§ **Task requirements**
Only the lines that contain the string "fill" belong in the answer; pull them from the records.

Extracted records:
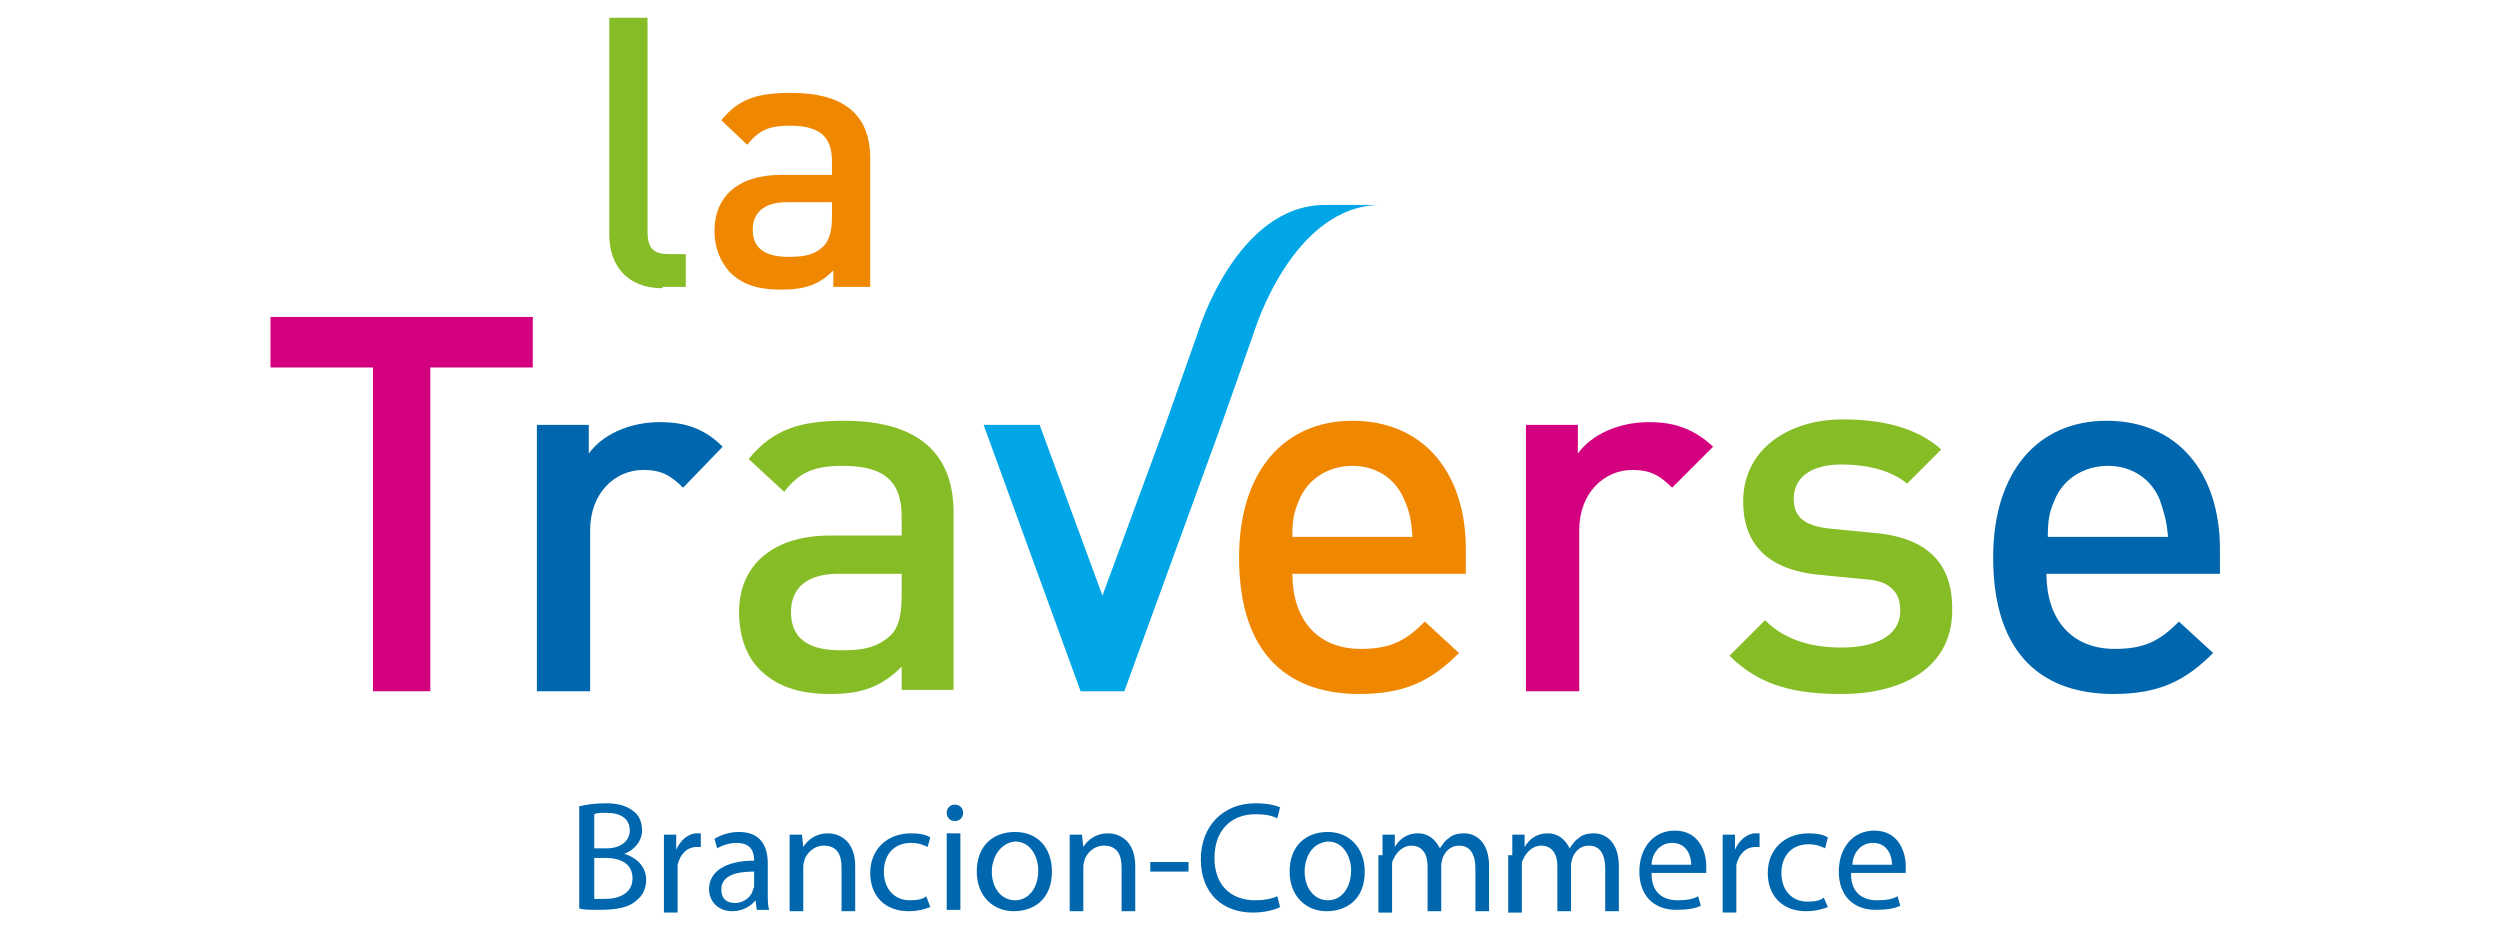 <?xml version="1.0" encoding="utf-8"?>
<!-- Generator: Adobe Illustrator 24.0.3, SVG Export Plug-In . SVG Version: 6.00 Build 0)  -->
<svg version="1.1" id="Calque_1" xmlns="http://www.w3.org/2000/svg" xmlns:xlink="http://www.w3.org/1999/xlink" x="0px" y="0px"
	 viewBox="0 0 183 68" style="enable-background:new 0 0 183 68;" xml:space="preserve">
<style type="text/css">
	.st0{fill:#86BC25;}
	.st1{fill:#F08700;}
	.st2{fill:#D3007F;}
	.st3{fill:#0067AE;}
	.st4{fill:#00A6E6;}
</style>
<path class="st0" d="M48.5,21.1c-2.7,0-3.9-1.8-3.9-3.9V1.3h2.8V17c0,1.1,0.4,1.6,1.5,1.6h1.3v2.4H48.5z"/>
<path class="st1" d="M60.9,14.8h-3.3c-1.7,0-2.5,0.8-2.5,2c0,1.3,0.8,2,2.6,2c1.1,0,1.9-0.1,2.6-0.8c0.4-0.4,0.6-1.1,0.6-2.1V14.8z
	 M61,21.1v-1.3c-1,1-2,1.4-3.8,1.4c-1.8,0-2.9-0.4-3.8-1.3c-0.7-0.8-1.1-1.8-1.1-3c0-2.4,1.6-4.1,4.9-4.1h3.7v-1
	c0-1.8-0.9-2.6-3.1-2.6c-1.6,0-2.3,0.4-3.1,1.4l-1.9-1.8c1.3-1.6,2.7-2,5.1-2c3.9,0,5.8,1.6,5.8,4.8v9.4H61z"/>
<polygon class="st2" points="31.5,26.9 31.5,50.6 27.3,50.6 27.3,26.9 19.8,26.9 19.8,23.2 39,23.2 39,26.9 "/>
<path class="st3" d="M50,35.7c-0.9-0.9-1.6-1.3-2.9-1.3c-2.1,0-3.9,1.7-3.9,4.4v11.8h-3.9V31.1h3.8v2.1c1-1.4,3-2.3,5.2-2.3
	c1.9,0,3.3,0.5,4.6,1.8L50,35.7z"/>
<path class="st0" d="M66,42h-4.6c-2.3,0-3.5,1-3.5,2.8c0,1.8,1.1,2.8,3.6,2.8c1.5,0,2.6-0.1,3.7-1.1c0.6-0.6,0.8-1.5,0.8-2.9V42z
	 M66,50.6v-1.8c-1.4,1.4-2.8,2-5.2,2c-2.4,0-4-0.6-5.2-1.8c-1-1-1.5-2.5-1.5-4.2c0-3.3,2.3-5.6,6.7-5.6H66v-1.4
	c0-2.5-1.2-3.7-4.3-3.7c-2.2,0-3.2,0.5-4.3,1.9l-2.6-2.4c1.8-2.2,3.8-2.8,7-2.8c5.3,0,8,2.3,8,6.7v13H66z"/>
<path class="st1" d="M102.8,36.6c-0.6-1.5-2-2.5-3.8-2.5c-1.8,0-3.3,1-3.9,2.5c-0.4,0.9-0.5,1.5-0.5,2.7h8.8
	C103.3,38.1,103.2,37.5,102.8,36.6 M94.6,42c0,3.3,1.8,5.5,5,5.5c2.2,0,3.3-0.6,4.7-2l2.5,2.3c-2,2-3.9,3-7.3,3
	c-4.9,0-8.8-2.6-8.8-10c0-6.3,3.3-10,8.3-10c5.2,0,8.3,3.8,8.3,9.4V42H94.6z"/>
<path class="st2" d="M122.4,35.7c-0.9-0.9-1.6-1.3-2.9-1.3c-2.1,0-3.9,1.7-3.9,4.4v11.8h-3.9V31.1h3.8v2.1c1-1.4,3-2.3,5.2-2.3
	c1.9,0,3.3,0.5,4.7,1.8L122.4,35.7z"/>
<path class="st0" d="M134.8,50.8c-3.2,0-5.9-0.5-8.2-2.8l2.6-2.6c1.6,1.6,3.7,2,5.6,2c2.4,0,4.3-0.8,4.3-2.7c0-1.3-0.7-2.2-2.6-2.3
	l-3.1-0.3c-3.7-0.3-5.8-2-5.8-5.4c0-3.8,3.3-6,7.3-6c2.9,0,5.4,0.6,7.2,2.2l-2.5,2.5c-1.2-1-3-1.4-4.8-1.4c-2.3,0-3.5,1-3.5,2.5
	c0,1.2,0.6,2,2.7,2.2l3.1,0.3c3.7,0.3,5.8,2,5.8,5.5C143,48.7,139.5,50.8,134.8,50.8"/>
<path class="st3" d="M158.1,36.6c-0.6-1.5-2-2.5-3.8-2.5c-1.8,0-3.3,1-3.9,2.5c-0.4,0.9-0.5,1.5-0.5,2.7h8.8
	C158.6,38.1,158.4,37.5,158.1,36.6 M149.8,42c0,3.3,1.8,5.5,5,5.5c2.2,0,3.3-0.6,4.7-2l2.5,2.3c-2,2-3.9,3-7.3,3
	c-4.9,0-8.8-2.6-8.8-10c0-6.3,3.3-10,8.3-10c5.2,0,8.3,3.8,8.3,9.4V42H149.8z"/>
<path class="st4" d="M97,15c-6.5,0-9.3,9.3-9.3,9.3l-2.4,6.8l-4.6,12.5l-4.6-12.5H72l7.1,19.5h3.2l7.1-19.5l2.4-6.8
	c0,0,2.8-9.3,9.3-9.3H97z"/>
<g>
	<path class="st3" d="M42.5,59c0.4-0.1,1.1-0.2,1.8-0.2c1,0,1.6,0.2,2.1,0.6c0.4,0.3,0.6,0.8,0.6,1.4c0,0.7-0.5,1.4-1.3,1.7v0
		c0.7,0.2,1.6,0.8,1.6,1.9c0,0.7-0.3,1.2-0.7,1.5c-0.5,0.5-1.4,0.7-2.7,0.7c-0.7,0-1.2,0-1.5-0.1V59z M43.5,62.1h0.9
		c1.1,0,1.7-0.6,1.7-1.3c0-0.9-0.7-1.3-1.7-1.3c-0.5,0-0.7,0-0.9,0.1V62.1z M43.5,65.8c0.2,0,0.5,0,0.8,0c1,0,2-0.4,2-1.5
		c0-1.1-0.9-1.5-2-1.5h-0.8V65.8z"/>
	<path class="st3" d="M48.6,62.8c0-0.7,0-1.2,0-1.7h0.9l0,1.1h0c0.3-0.7,0.9-1.2,1.5-1.2c0.1,0,0.2,0,0.3,0v1c-0.1,0-0.2,0-0.3,0
		c-0.7,0-1.2,0.5-1.4,1.3c0,0.1,0,0.3,0,0.5v3h-1V62.8z"/>
	<path class="st3" d="M55.4,66.6l-0.1-0.7h0c-0.3,0.4-0.9,0.8-1.7,0.8c-1.1,0-1.7-0.8-1.7-1.6c0-1.3,1.2-2.1,3.3-2.1V63
		c0-0.5-0.1-1.3-1.3-1.3c-0.5,0-1.1,0.2-1.4,0.4l-0.2-0.7c0.5-0.3,1.1-0.5,1.8-0.5c1.7,0,2.1,1.2,2.1,2.3v2.1c0,0.5,0,1,0.1,1.3
		H55.4z M55.2,63.8c-1.1,0-2.4,0.2-2.4,1.3c0,0.7,0.4,1,1,1c0.7,0,1.2-0.5,1.3-0.9c0-0.1,0.1-0.2,0.1-0.3V63.8z"/>
	<path class="st3" d="M57.8,62.6c0-0.6,0-1,0-1.5h0.9l0.1,0.9h0c0.3-0.5,0.9-1,1.8-1c0.8,0,2,0.5,2,2.4v3.3h-1v-3.2
		c0-0.9-0.3-1.6-1.3-1.6c-0.7,0-1.2,0.5-1.4,1c0,0.1-0.1,0.3-0.1,0.5v3.3h-1V62.6z"/>
	<path class="st3" d="M68.1,66.4c-0.3,0.1-0.8,0.3-1.6,0.3c-1.7,0-2.8-1.1-2.8-2.8c0-1.7,1.2-2.9,3-2.9c0.6,0,1.1,0.1,1.4,0.3
		L67.9,62c-0.2-0.1-0.6-0.3-1.2-0.3c-1.3,0-2,0.9-2,2.1c0,1.3,0.8,2.1,1.9,2.1c0.6,0,1-0.1,1.2-0.3L68.1,66.4z"/>
	<path class="st3" d="M70.5,59.5c0,0.3-0.2,0.6-0.6,0.6c-0.4,0-0.6-0.3-0.6-0.6c0-0.4,0.3-0.6,0.6-0.6
		C70.2,58.9,70.5,59.1,70.5,59.5z M69.3,66.6v-5.6h1v5.6H69.3z"/>
	<path class="st3" d="M77,63.8c0,2.1-1.4,2.9-2.8,2.9c-1.5,0-2.7-1.1-2.7-2.9c0-1.9,1.2-2.9,2.8-2.9C76,60.9,77,62.1,77,63.8z
		 M72.6,63.8c0,1.2,0.7,2.1,1.7,2.1c1,0,1.7-0.9,1.7-2.2c0-0.9-0.5-2.1-1.7-2.1C73.2,61.7,72.6,62.8,72.6,63.8z"/>
	<path class="st3" d="M78.3,62.6c0-0.6,0-1,0-1.5h0.9l0.1,0.9h0c0.3-0.5,0.9-1,1.8-1c0.8,0,2,0.5,2,2.4v3.3h-1v-3.2
		c0-0.9-0.3-1.6-1.3-1.6c-0.7,0-1.2,0.5-1.4,1c0,0.1-0.1,0.3-0.1,0.5v3.3h-1V62.6z"/>
	<path class="st3" d="M87,63.1v0.7h-2.8v-0.7H87z"/>
	<path class="st3" d="M93.7,66.4c-0.4,0.2-1.1,0.4-2,0.4c-2.2,0-3.8-1.4-3.8-3.9c0-2.4,1.6-4.1,4-4.1c1,0,1.6,0.2,1.8,0.3l-0.2,0.8
		c-0.4-0.2-0.9-0.3-1.6-0.3c-1.8,0-3,1.2-3,3.2c0,1.9,1.1,3.1,3,3.1c0.6,0,1.2-0.1,1.6-0.3L93.7,66.4z"/>
	<path class="st3" d="M99.9,63.8c0,2.1-1.4,2.9-2.8,2.9c-1.5,0-2.7-1.1-2.7-2.9c0-1.9,1.2-2.9,2.8-2.9
		C98.8,60.9,99.9,62.1,99.9,63.8z M95.5,63.8c0,1.2,0.7,2.1,1.7,2.1c1,0,1.7-0.9,1.7-2.2c0-0.9-0.5-2.1-1.7-2.1
		C96,61.7,95.5,62.8,95.5,63.8z"/>
	<path class="st3" d="M101.2,62.6c0-0.6,0-1,0-1.5h0.9l0,0.9h0c0.3-0.5,0.8-1,1.7-1c0.8,0,1.3,0.5,1.6,1.1h0
		c0.2-0.3,0.4-0.6,0.6-0.7c0.3-0.3,0.7-0.4,1.2-0.4c0.7,0,1.8,0.5,1.8,2.4v3.3h-1v-3.1c0-1.1-0.4-1.7-1.2-1.7c-0.6,0-1,0.4-1.2,0.9
		c0,0.1-0.1,0.3-0.1,0.5v3.4h-1v-3.3c0-0.9-0.4-1.5-1.2-1.5c-0.6,0-1.1,0.5-1.3,1c-0.1,0.1-0.1,0.3-0.1,0.5v3.4h-1V62.6z"/>
	<path class="st3" d="M110.7,62.6c0-0.6,0-1,0-1.5h0.9l0,0.9h0c0.3-0.5,0.8-1,1.7-1c0.8,0,1.3,0.5,1.6,1.1h0
		c0.2-0.3,0.4-0.6,0.6-0.7c0.3-0.3,0.7-0.4,1.2-0.4c0.7,0,1.8,0.5,1.8,2.4v3.3h-1v-3.1c0-1.1-0.4-1.7-1.2-1.7c-0.6,0-1,0.4-1.2,0.9
		c0,0.1-0.1,0.3-0.1,0.5v3.4h-1v-3.3c0-0.9-0.4-1.5-1.2-1.5c-0.6,0-1.1,0.5-1.3,1c-0.1,0.1-0.1,0.3-0.1,0.5v3.4h-1V62.6z"/>
	<path class="st3" d="M120.9,64c0,1.4,0.9,1.9,1.9,1.9c0.7,0,1.2-0.1,1.5-0.3l0.2,0.7c-0.4,0.2-1,0.3-1.8,0.3
		c-1.7,0-2.7-1.1-2.7-2.8c0-1.7,1-3,2.6-3c1.8,0,2.3,1.6,2.3,2.6c0,0.2,0,0.4,0,0.5H120.9z M123.8,63.3c0-0.6-0.3-1.6-1.4-1.6
		c-1,0-1.5,0.9-1.5,1.6H123.8z"/>
	<path class="st3" d="M126.1,62.8c0-0.7,0-1.2,0-1.7h0.9l0,1.1h0c0.3-0.7,0.9-1.2,1.5-1.2c0.1,0,0.2,0,0.3,0v1c-0.1,0-0.2,0-0.3,0
		c-0.7,0-1.2,0.5-1.4,1.3c0,0.1,0,0.3,0,0.5v3h-1V62.8z"/>
	<path class="st3" d="M133.8,66.4c-0.3,0.1-0.8,0.3-1.6,0.3c-1.7,0-2.8-1.1-2.8-2.8c0-1.7,1.2-2.9,3-2.9c0.6,0,1.1,0.1,1.4,0.3
		l-0.2,0.8c-0.2-0.1-0.6-0.3-1.2-0.3c-1.3,0-2,0.9-2,2.1c0,1.3,0.8,2.1,1.9,2.1c0.6,0,1-0.1,1.2-0.3L133.8,66.4z"/>
	<path class="st3" d="M135.5,64c0,1.4,0.9,1.9,1.9,1.9c0.7,0,1.2-0.1,1.5-0.3l0.2,0.7c-0.4,0.2-1,0.3-1.8,0.3
		c-1.7,0-2.7-1.1-2.7-2.8c0-1.7,1-3,2.6-3c1.8,0,2.3,1.6,2.3,2.6c0,0.2,0,0.4,0,0.5H135.5z M138.5,63.3c0-0.6-0.3-1.6-1.4-1.6
		c-1,0-1.5,0.9-1.5,1.6H138.5z"/>
</g>
</svg>

§ **Answer to this task**
	.st0{fill:#86BC25;}
	.st1{fill:#F08700;}
	.st2{fill:#D3007F;}
	.st3{fill:#0067AE;}
	.st4{fill:#00A6E6;}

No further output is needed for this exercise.